Task goal :: Omit every picture and output the rest of the records exactly as they are.

Extracted data ::

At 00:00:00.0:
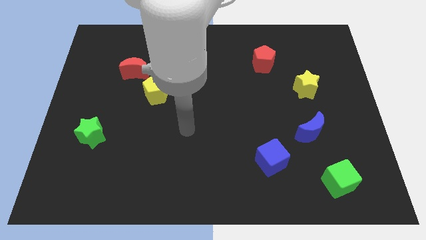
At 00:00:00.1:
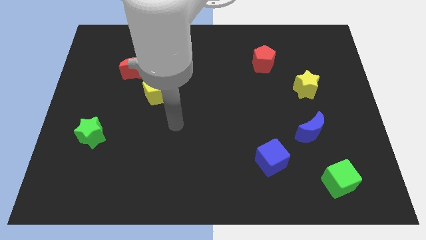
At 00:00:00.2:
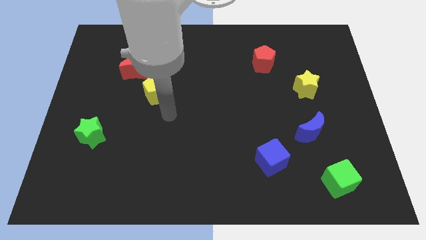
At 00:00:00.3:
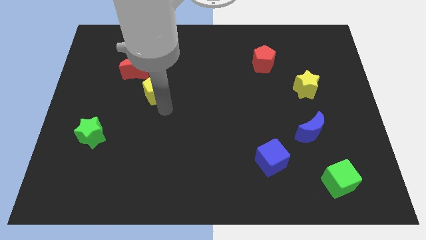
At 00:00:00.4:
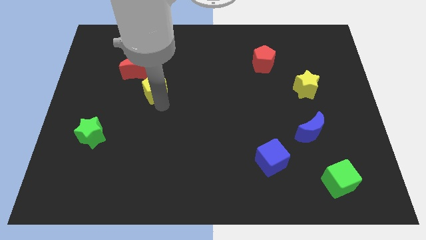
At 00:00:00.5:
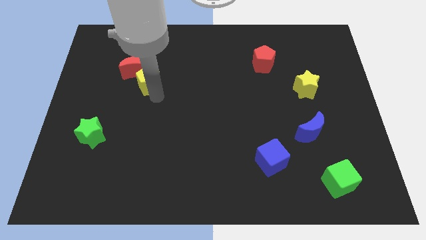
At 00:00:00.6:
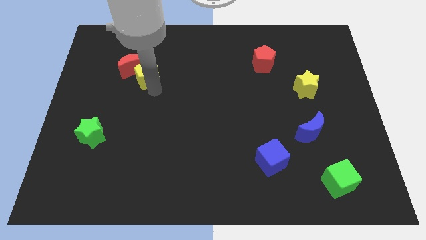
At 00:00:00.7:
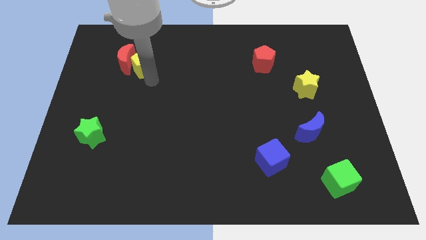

Finished exercise ::
At 00:00:00.0:
At 00:00:00.1:
At 00:00:00.2:
At 00:00:00.3:
At 00:00:00.4:
At 00:00:00.5:
At 00:00:00.6:
At 00:00:00.7:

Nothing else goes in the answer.